▶ **EXERCISE DATA**:
§

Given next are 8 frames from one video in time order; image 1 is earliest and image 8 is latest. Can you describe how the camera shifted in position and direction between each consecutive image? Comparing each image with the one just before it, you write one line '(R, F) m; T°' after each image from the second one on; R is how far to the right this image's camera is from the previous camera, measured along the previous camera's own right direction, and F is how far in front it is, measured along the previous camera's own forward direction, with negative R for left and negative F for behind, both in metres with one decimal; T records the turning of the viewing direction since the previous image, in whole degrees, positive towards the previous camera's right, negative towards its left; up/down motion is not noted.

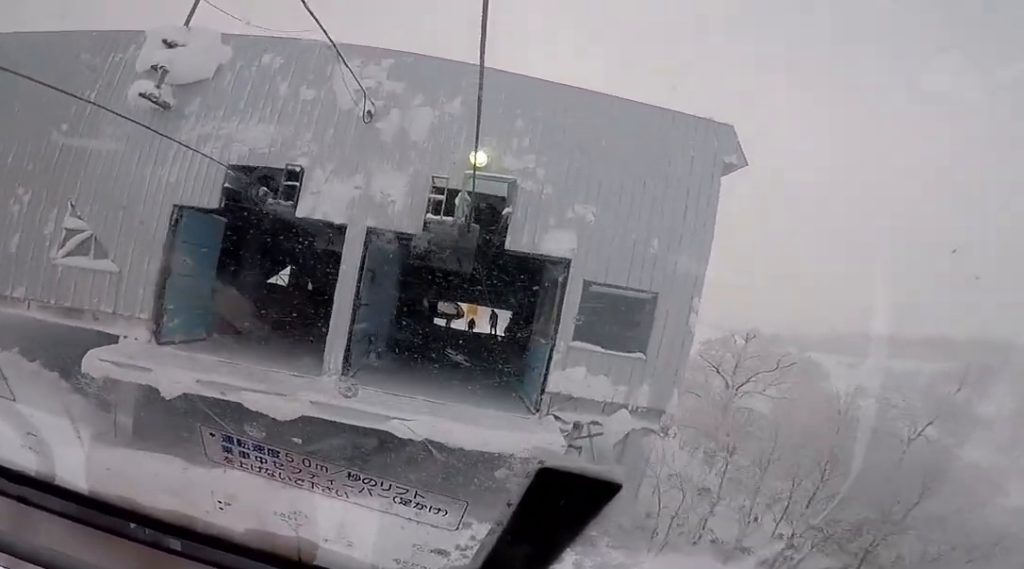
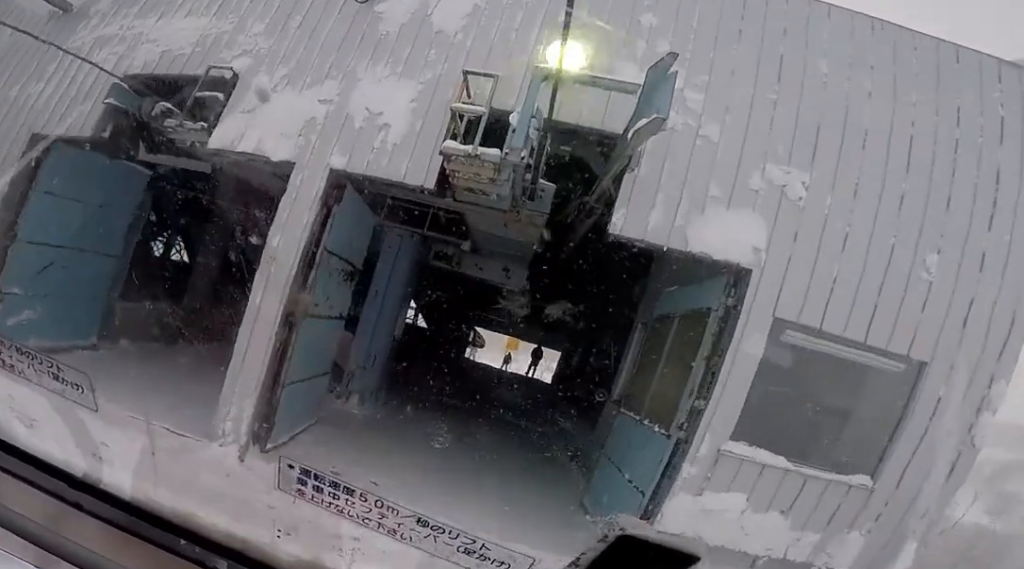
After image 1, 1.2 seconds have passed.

§

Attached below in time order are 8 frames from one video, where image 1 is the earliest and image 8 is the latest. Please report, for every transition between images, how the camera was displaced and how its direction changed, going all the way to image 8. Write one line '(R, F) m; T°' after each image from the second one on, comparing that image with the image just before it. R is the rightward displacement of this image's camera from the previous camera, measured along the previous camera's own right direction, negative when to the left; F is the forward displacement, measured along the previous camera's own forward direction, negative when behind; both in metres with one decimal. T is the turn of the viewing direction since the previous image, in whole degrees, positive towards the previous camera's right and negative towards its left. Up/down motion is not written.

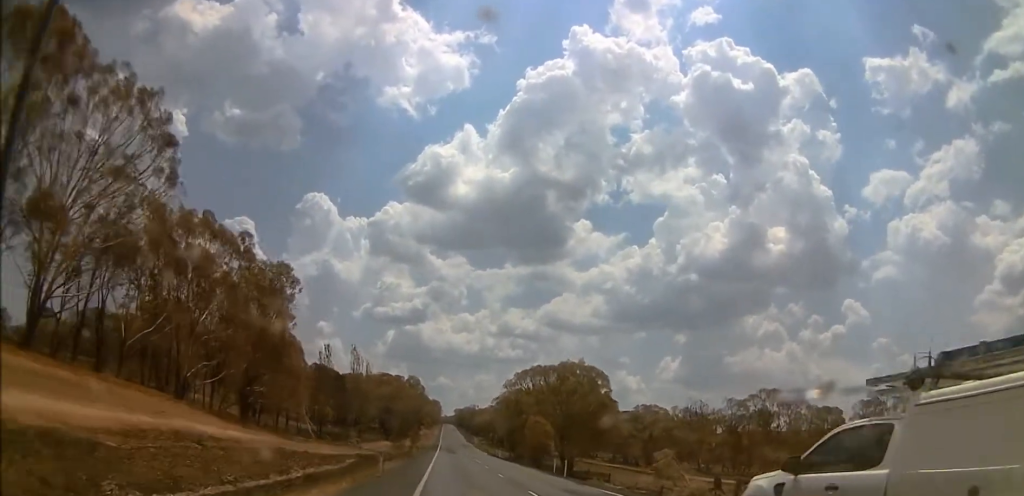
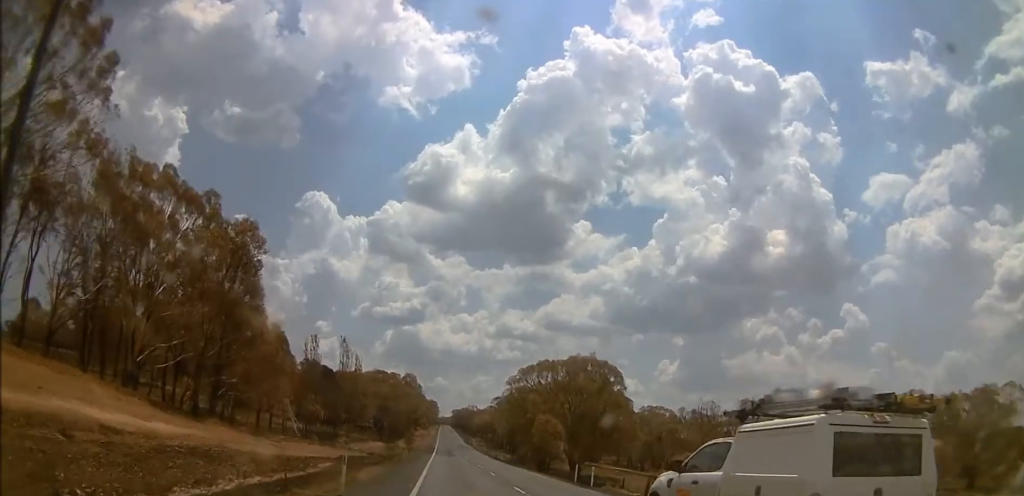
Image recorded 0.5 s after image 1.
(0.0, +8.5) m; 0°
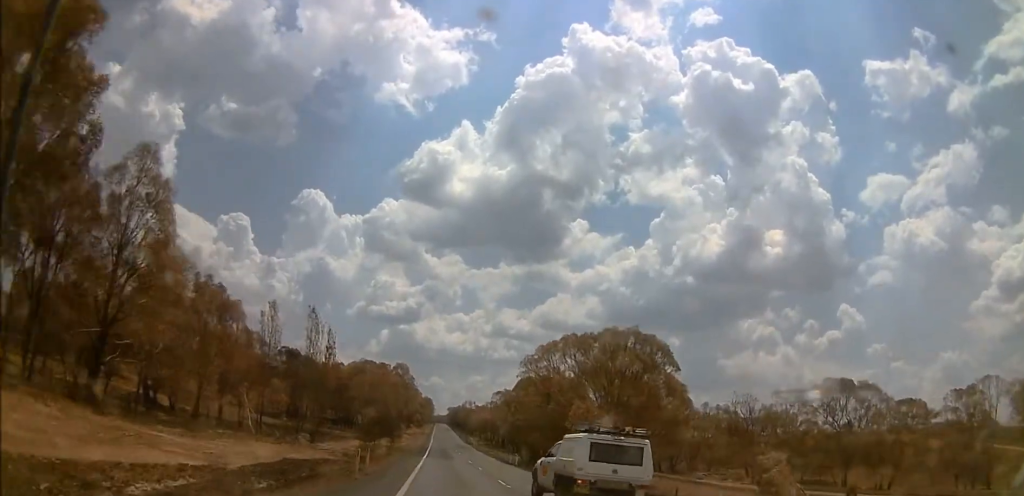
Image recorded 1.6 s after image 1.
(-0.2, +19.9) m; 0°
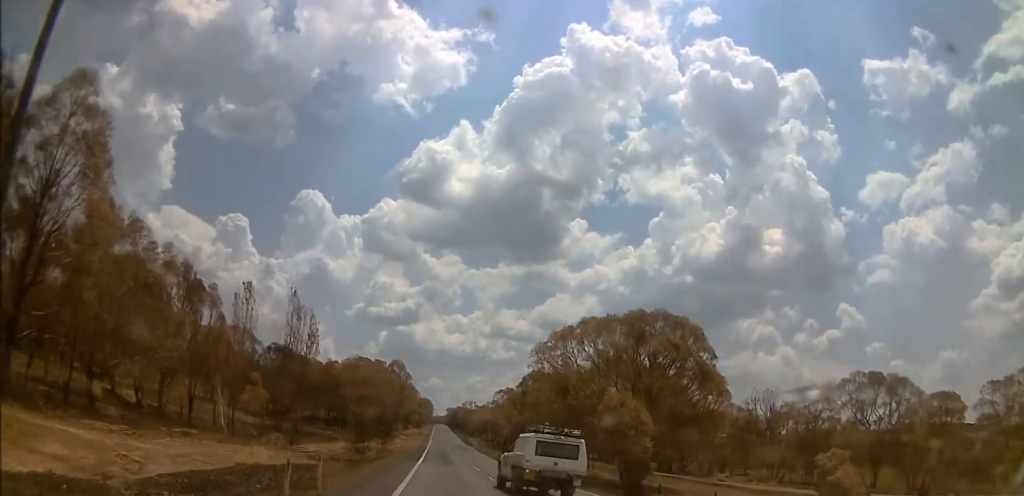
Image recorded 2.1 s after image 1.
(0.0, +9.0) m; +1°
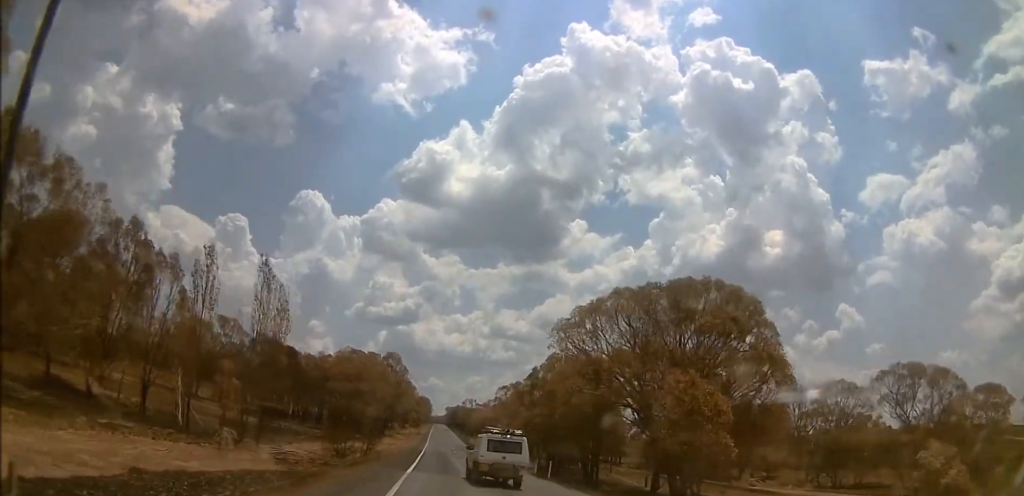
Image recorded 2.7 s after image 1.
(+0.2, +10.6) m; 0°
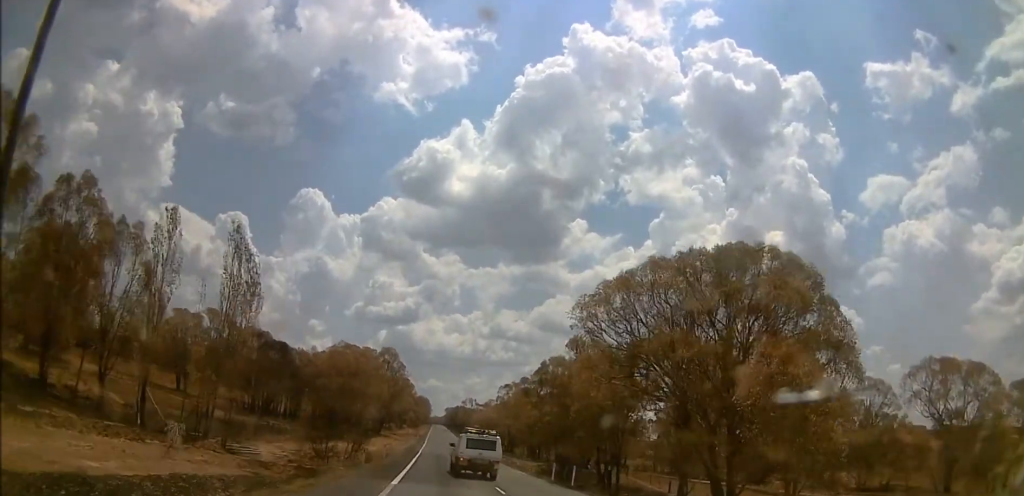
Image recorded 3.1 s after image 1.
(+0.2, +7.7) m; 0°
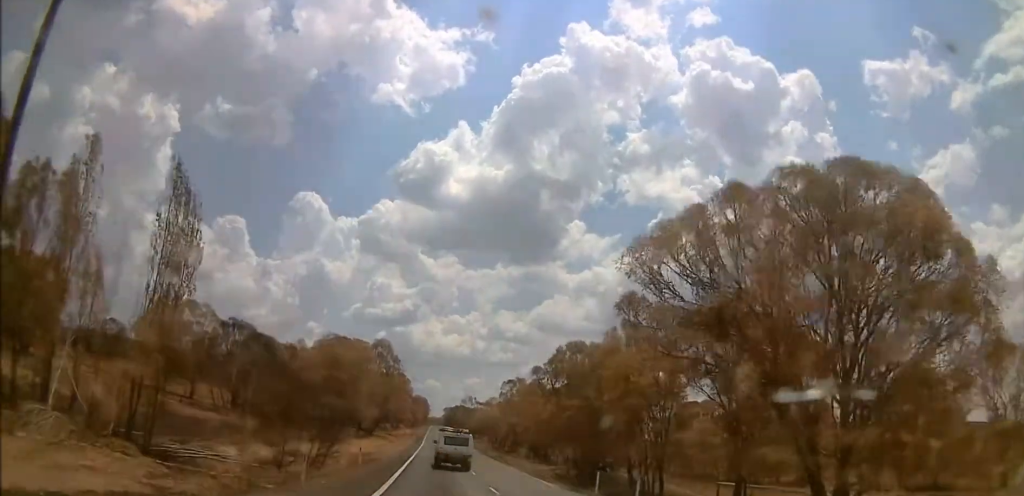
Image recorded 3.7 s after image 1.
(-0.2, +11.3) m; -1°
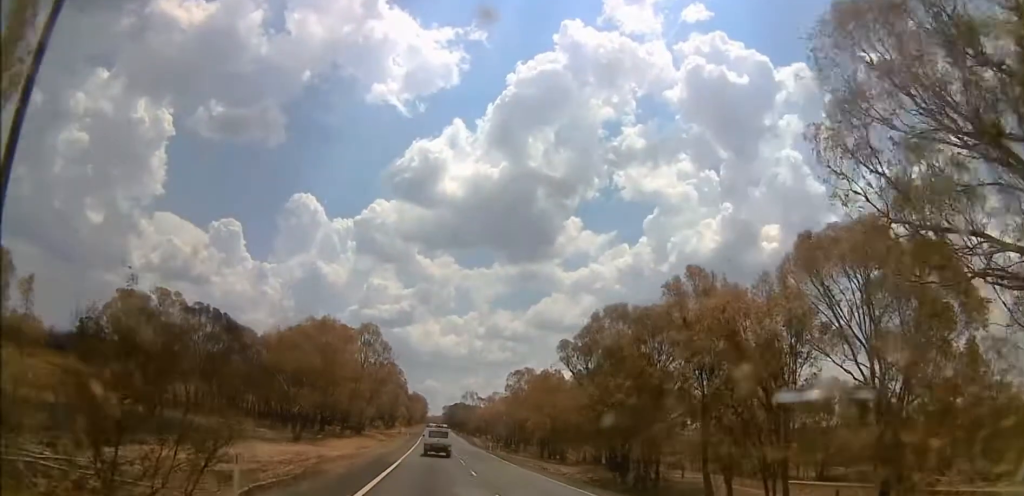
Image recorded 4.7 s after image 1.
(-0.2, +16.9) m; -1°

§

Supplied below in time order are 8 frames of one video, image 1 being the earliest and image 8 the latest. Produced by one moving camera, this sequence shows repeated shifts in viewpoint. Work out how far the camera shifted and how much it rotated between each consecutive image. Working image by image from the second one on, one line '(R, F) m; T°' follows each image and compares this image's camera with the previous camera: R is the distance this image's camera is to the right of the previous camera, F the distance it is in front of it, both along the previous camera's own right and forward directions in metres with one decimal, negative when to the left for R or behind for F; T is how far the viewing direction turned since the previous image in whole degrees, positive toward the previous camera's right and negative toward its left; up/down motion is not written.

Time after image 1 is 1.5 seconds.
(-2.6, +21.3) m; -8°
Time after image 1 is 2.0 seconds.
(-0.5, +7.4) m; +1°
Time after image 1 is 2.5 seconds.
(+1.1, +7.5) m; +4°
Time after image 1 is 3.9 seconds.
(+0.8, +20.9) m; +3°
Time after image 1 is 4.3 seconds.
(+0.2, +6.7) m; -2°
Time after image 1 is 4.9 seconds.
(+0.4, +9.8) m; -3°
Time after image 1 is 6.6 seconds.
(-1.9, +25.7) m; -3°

§

▶ **WHAT THIS TASK INVOLVES**:
Exactly the lines starting at the one above with "Given next are" and ending at the one with "After image 1, 1.2 seconds have passed." should be printed, and nothing else. Omit the pictures.

▶ **WRITTEN SOLUTION**:
Given next are 8 frames from one video in time order; image 1 is earliest and image 8 is latest. Can you describe how the camera shifted in position and direction between each consecutive image? Comparing each image with the one just before it, you write one line '(R, F) m; T°' after each image from the second one on; R is how far to the right this image's camera is from the previous camera, measured along the previous camera's own right direction, and F is how far in front it is, measured along the previous camera's own forward direction, with negative R for left and negative F for behind, both in metres with one decimal; T records the turning of the viewing direction since the previous image, in whole degrees, positive towards the previous camera's right, negative towards its left; up/down motion is not noted.

After image 1, 1.2 seconds have passed.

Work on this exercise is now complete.